The copy you return should hold every record below word for word and no images.

**Source material**
+ + +

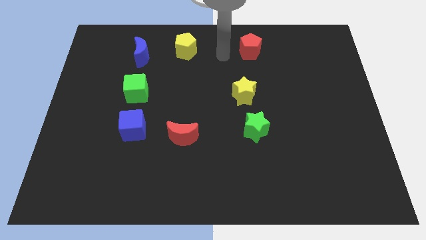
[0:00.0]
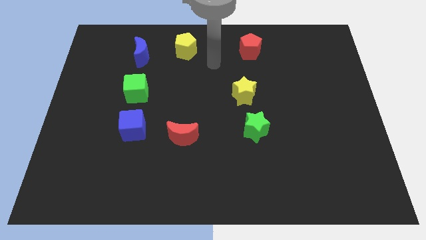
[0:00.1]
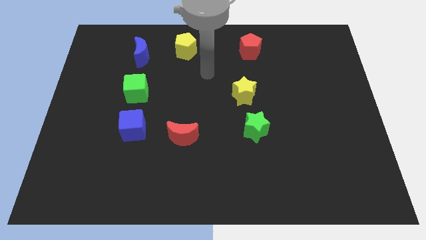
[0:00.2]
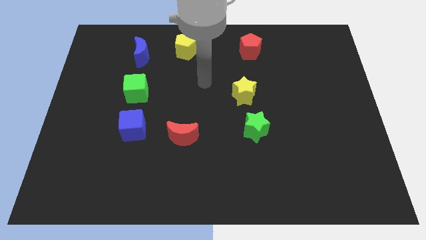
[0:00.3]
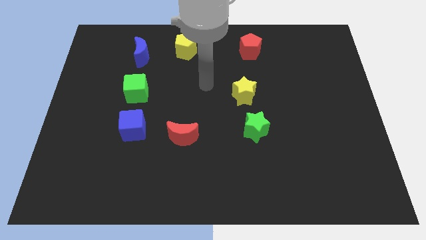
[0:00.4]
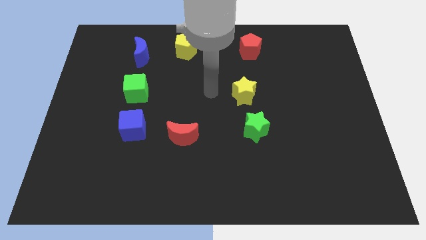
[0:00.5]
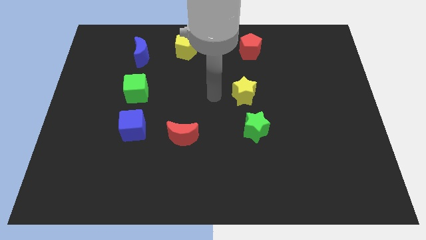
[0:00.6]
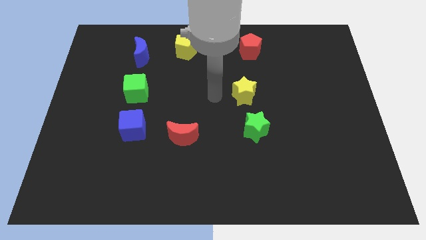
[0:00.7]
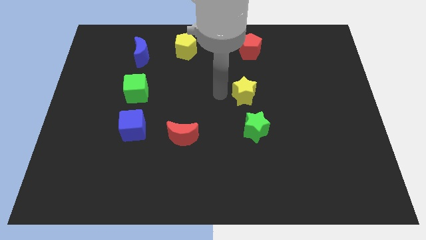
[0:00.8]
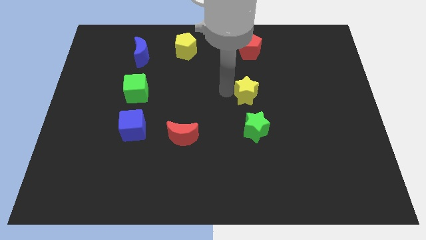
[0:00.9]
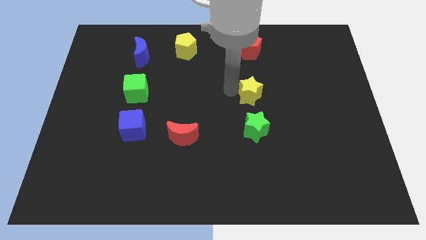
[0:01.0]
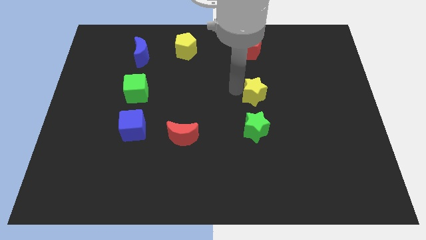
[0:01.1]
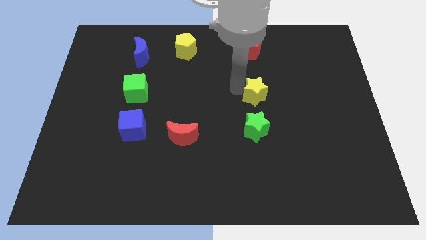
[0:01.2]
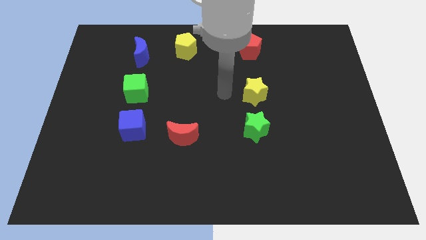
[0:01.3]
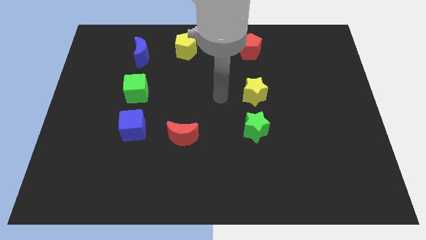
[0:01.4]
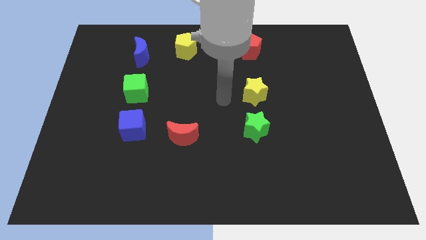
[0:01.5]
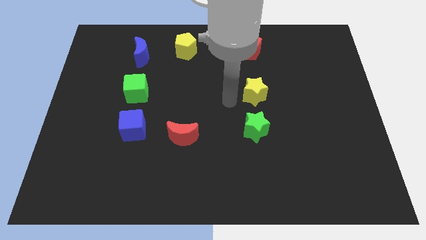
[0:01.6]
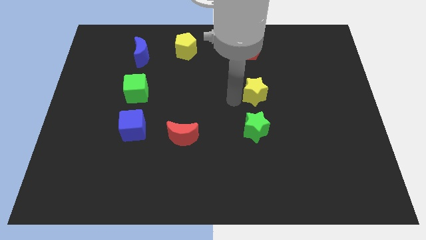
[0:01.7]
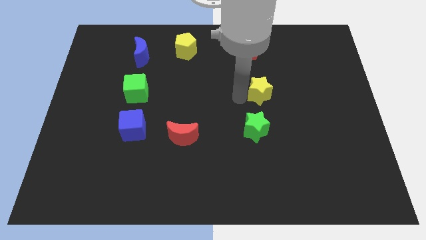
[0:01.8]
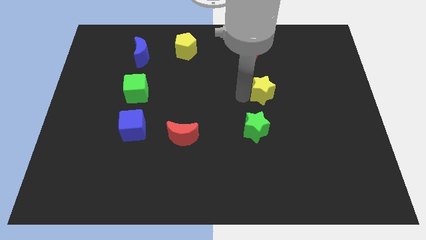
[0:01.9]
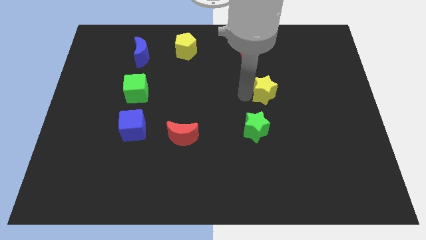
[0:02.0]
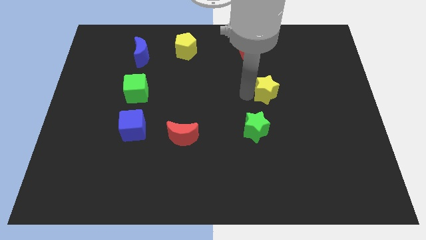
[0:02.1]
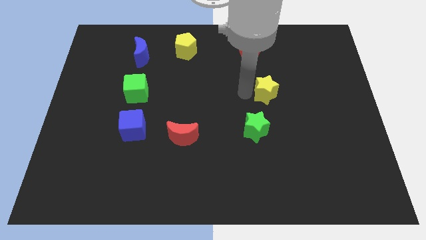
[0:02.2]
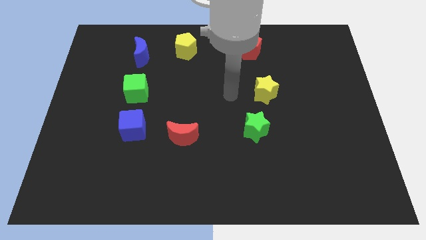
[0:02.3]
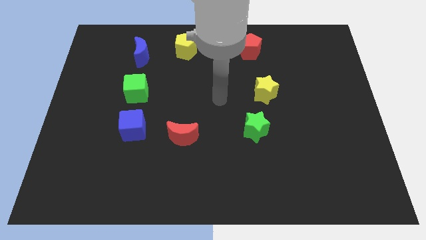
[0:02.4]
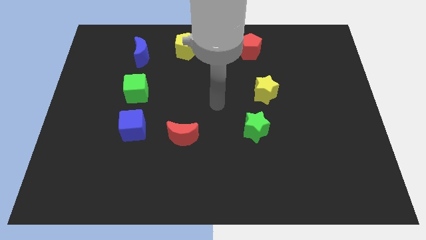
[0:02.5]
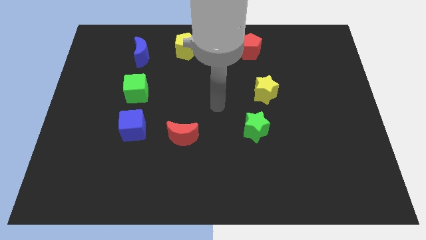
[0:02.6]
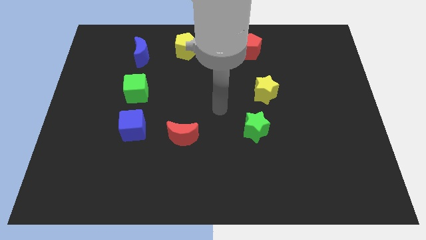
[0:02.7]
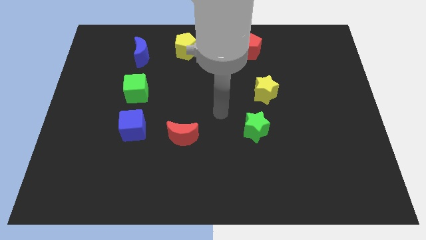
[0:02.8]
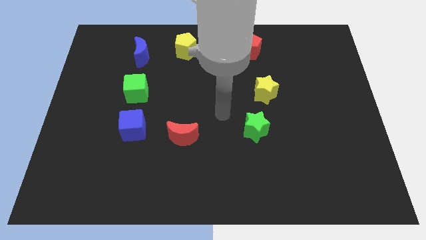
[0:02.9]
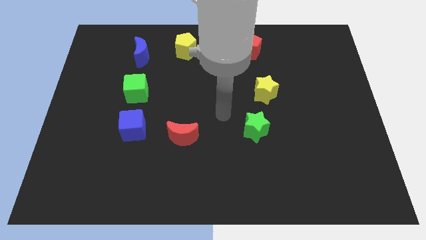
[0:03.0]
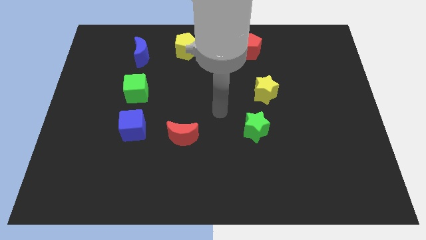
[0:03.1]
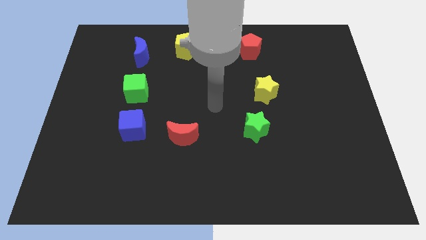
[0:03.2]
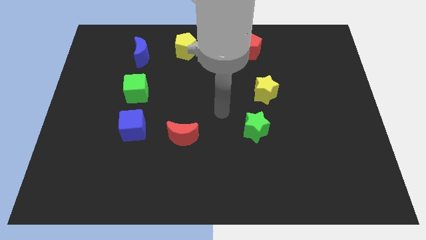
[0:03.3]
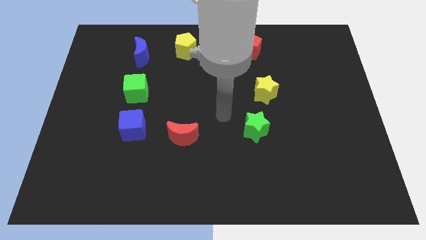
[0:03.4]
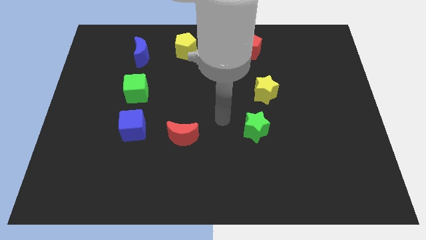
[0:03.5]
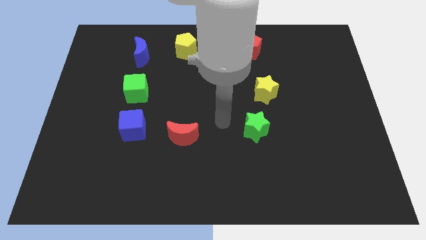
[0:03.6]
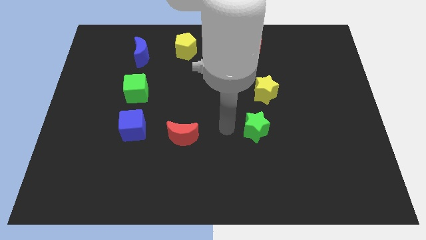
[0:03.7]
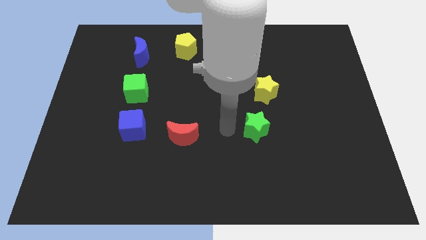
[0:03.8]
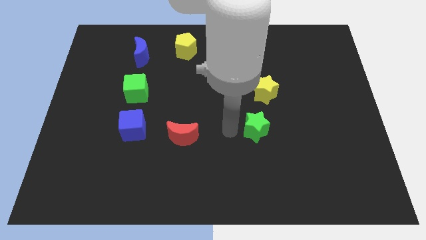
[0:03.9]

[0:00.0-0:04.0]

+ + +

**Output**
[0:00.0]
[0:00.1]
[0:00.2]
[0:00.3]
[0:00.4]
[0:00.5]
[0:00.6]
[0:00.7]
[0:00.8]
[0:00.9]
[0:01.0]
[0:01.1]
[0:01.2]
[0:01.3]
[0:01.4]
[0:01.5]
[0:01.6]
[0:01.7]
[0:01.8]
[0:01.9]
[0:02.0]
[0:02.1]
[0:02.2]
[0:02.3]
[0:02.4]
[0:02.5]
[0:02.6]
[0:02.7]
[0:02.8]
[0:02.9]
[0:03.0]
[0:03.1]
[0:03.2]
[0:03.3]
[0:03.4]
[0:03.5]
[0:03.6]
[0:03.7]
[0:03.8]
[0:03.9]

[0:00.0-0:04.0]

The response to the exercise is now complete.